A once-in-a-generation transition at one of the world's most storied wine companies became official in March, when Saskia de Rothschild became chairman of Domaines Barons de Rothschild (Lafite). Rothschild, 31, is the daughter of Baron Eric de Rothschild, and the first female Rothschild to run Lafite in the 150 years the Rothschild family has owned it. The company has grown substantially in six generations, with most of the expansion led by Baron Eric during his 44-year tenure.
In a lengthy interview with Wine Spectator, the new chairman made it clear she has no plans to rest on Lafite's laurels. She wants to improve the company's other brands. And she feels Lafite must innovate too if it is going to build a new generation of fans.

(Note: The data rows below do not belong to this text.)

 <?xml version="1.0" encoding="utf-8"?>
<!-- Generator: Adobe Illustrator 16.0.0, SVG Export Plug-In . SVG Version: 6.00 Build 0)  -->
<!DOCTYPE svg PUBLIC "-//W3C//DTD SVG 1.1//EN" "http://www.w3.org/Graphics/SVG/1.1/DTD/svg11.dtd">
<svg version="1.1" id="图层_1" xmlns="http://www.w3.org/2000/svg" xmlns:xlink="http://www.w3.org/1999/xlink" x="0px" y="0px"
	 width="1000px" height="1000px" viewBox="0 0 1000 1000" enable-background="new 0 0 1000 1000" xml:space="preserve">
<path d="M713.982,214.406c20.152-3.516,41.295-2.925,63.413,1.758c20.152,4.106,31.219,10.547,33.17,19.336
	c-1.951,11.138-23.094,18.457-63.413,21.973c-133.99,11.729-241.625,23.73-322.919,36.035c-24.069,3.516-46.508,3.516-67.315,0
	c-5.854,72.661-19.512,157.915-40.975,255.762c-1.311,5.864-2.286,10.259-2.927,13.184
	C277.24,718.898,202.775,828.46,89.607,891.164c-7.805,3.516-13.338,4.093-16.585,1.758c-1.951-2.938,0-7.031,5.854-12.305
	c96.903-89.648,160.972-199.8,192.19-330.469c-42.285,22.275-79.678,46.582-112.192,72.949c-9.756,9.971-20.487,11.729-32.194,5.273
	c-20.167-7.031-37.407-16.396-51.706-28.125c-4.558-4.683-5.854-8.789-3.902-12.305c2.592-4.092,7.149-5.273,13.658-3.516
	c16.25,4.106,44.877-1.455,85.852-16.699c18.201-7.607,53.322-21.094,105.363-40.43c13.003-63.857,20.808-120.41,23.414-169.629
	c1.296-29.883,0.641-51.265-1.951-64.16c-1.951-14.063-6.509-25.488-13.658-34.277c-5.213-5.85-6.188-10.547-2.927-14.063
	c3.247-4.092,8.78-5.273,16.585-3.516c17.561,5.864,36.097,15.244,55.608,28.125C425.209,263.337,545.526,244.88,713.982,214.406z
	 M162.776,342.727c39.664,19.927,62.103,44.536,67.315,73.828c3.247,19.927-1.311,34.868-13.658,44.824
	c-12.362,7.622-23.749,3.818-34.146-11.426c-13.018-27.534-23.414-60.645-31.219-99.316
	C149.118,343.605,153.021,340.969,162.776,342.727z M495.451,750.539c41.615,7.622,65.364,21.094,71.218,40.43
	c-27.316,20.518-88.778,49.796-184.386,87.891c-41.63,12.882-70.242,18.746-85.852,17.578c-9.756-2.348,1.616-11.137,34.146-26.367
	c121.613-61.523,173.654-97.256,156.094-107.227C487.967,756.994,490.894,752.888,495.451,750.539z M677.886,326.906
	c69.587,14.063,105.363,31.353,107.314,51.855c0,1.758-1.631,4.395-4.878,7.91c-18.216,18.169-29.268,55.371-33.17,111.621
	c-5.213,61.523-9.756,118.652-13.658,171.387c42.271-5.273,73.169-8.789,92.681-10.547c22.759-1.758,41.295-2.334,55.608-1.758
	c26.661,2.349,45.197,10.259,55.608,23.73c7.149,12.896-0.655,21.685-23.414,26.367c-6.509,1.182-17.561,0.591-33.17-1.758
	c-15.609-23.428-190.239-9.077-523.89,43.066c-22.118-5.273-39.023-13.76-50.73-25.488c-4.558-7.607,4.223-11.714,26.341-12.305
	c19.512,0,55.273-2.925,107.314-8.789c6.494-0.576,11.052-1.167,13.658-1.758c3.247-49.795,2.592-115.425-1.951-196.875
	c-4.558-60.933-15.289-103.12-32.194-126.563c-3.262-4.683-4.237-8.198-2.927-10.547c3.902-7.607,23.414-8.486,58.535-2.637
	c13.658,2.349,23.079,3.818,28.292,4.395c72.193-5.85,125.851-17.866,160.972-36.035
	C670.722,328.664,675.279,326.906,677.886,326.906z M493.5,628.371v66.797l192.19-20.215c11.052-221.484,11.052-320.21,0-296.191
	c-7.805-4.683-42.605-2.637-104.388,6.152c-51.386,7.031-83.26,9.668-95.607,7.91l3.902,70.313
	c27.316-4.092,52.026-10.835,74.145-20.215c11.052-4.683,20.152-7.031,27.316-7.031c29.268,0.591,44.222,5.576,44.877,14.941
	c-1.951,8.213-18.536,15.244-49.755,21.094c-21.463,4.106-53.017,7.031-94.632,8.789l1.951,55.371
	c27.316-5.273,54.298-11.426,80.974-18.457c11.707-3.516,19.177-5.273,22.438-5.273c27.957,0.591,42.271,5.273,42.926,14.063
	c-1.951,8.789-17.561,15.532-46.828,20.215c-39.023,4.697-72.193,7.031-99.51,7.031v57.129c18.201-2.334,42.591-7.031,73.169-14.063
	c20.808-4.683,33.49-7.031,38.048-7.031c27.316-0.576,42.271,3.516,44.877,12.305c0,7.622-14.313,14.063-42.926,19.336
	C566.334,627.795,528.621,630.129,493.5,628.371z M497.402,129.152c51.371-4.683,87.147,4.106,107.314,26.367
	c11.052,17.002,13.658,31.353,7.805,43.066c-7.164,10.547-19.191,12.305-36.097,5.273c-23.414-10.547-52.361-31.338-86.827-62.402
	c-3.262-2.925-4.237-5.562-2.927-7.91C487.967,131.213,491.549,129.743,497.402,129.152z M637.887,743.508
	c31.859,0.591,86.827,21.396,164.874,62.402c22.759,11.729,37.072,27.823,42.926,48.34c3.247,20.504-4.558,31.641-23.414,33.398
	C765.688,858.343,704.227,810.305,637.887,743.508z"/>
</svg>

Rothschild officially joined DBR two years ago, but her memories of Lafite and the other wine estates run deep. As a child, spending weekends at Lafite with her family, she'd felt a deep connection to the estate's activity. "I have been very attached to this place since I was little. I would come here and always feel at ease with the teams and with nature," Rothschild told Wine Spectator during an interview at the first-growth. "I would run into the cellar and see people working and how they were doing their jobs, knowing all the processes that were going into making a bottle of wine. I learned to ride a bike there, I learned to drive a car."
Later, she worked at summer jobs in the vineyards at Château L'Évangile in Pomerol under a fake name—only the manager knew her identity. "To me, Lafite is my home, but L'Évangile is very important in my heart. I learned the more technical side of winemaking there," she said.
After school she worked as a reporter for the New York Times in West Africa, but she retained a connection. "For 10 years, I had been coming to Lafite for the blending," she said. "To me, it's the most important part of knowing how Lafite is built, because you really understand how each plot expresses itself and how we decided to combine them."
Two years ago, her father told her he needed her to be more present. "I said, 'If I'm going to be more present, I'm going to be completely present. I don't like to do things halfway." She quit her job and joined DBR Lafite full-time as co-chairman with her father. (She has two brothers, but neither works in wine.)
She now heads an impressive portfolio of brands, including Châteaus Lafite and Duhart-Milon in Pauillac, Rieussec in Sauternes and L'Évangile in Pomerol. Outside Bordeaux, the firm owns Domaine d'Aussières in the Languedoc, Viña Los Vascos in Chile and Bodegas Caro in Argentina.
They also own two large-volume Bordeaux brands, Légende and Saga, created in 1995 by Baron Eric and DBR's former CEO and president, Christophe Salin. The DBR team is very happy with those brands' performance, particularly in China, but Saskia and Jean-Guillaume Prats, the company's new CEO and president, feel the wines lack strong brand identities. "It's been a great, entrepreneurial adventure—now we have to build the story behind it," said Rothschild.
"For the past two years, I've been focusing on the product, the definition of the product and the architecture of the brands we have," said Rothschild, who earned a Master of Science in Management at France's prestigious HEC business school in addition to a journalism degree from Columbia University in New York. "All of the properties have to stand on their own feet. We have a logo that says Lafite, but that can't be the only story we tell. Lafite is Lafite. You can't pull too much on Lafite to sell other things."
This is where Prats comes in. He previously managed second-growth Château Cos-d'Estournel but most recently spent five years heading the wine division of Louis-Vuitton Moët-Hennessy (LVMH), which owns 15 estates in eight countries. His expertise in the marketing, sales and distribution of luxury drinks brands meshes neatly with Rothschild's vision for the DBR Lafite stable.
"All of the luxury brands in the world have a very simple message to understand," said Prats. "You should be able to describe the DNA of a maison in a very simple way for everyone to understand and remember immediately. That's what we need to do—not for Lafite—but for the other [wines]."
They are also exploring how de Rothschild's youth can help them connect with a new generation of fine-wine drinkers. One obstacle to their ability to convey the authenticity of their wine is Lafite's success as an investment vehicle. The world took note today when they released their 2017 futures at $517 per bottle, ex-négociant, the same week the other first-growths released their prices. (The wine is selling for an average price of $583 per bottle at leading U.S. retailers tracked by Wine Spectator.)
"The price is going up, the price is going down … it's very dangerous," said Prats. "You take away from the desirability of the product. Where's the magic behind it? You take away from the consumer that this is real product from vines."
The problem with Bordeaux's investment status is it strips away some of the romance of great wine. "I want people to buy a bottle of Lafite because it makes them dream," said Rothschild. "Not because it's a status symbol to have a bottle of Lafite on the table, but because the way we make the wine is so great."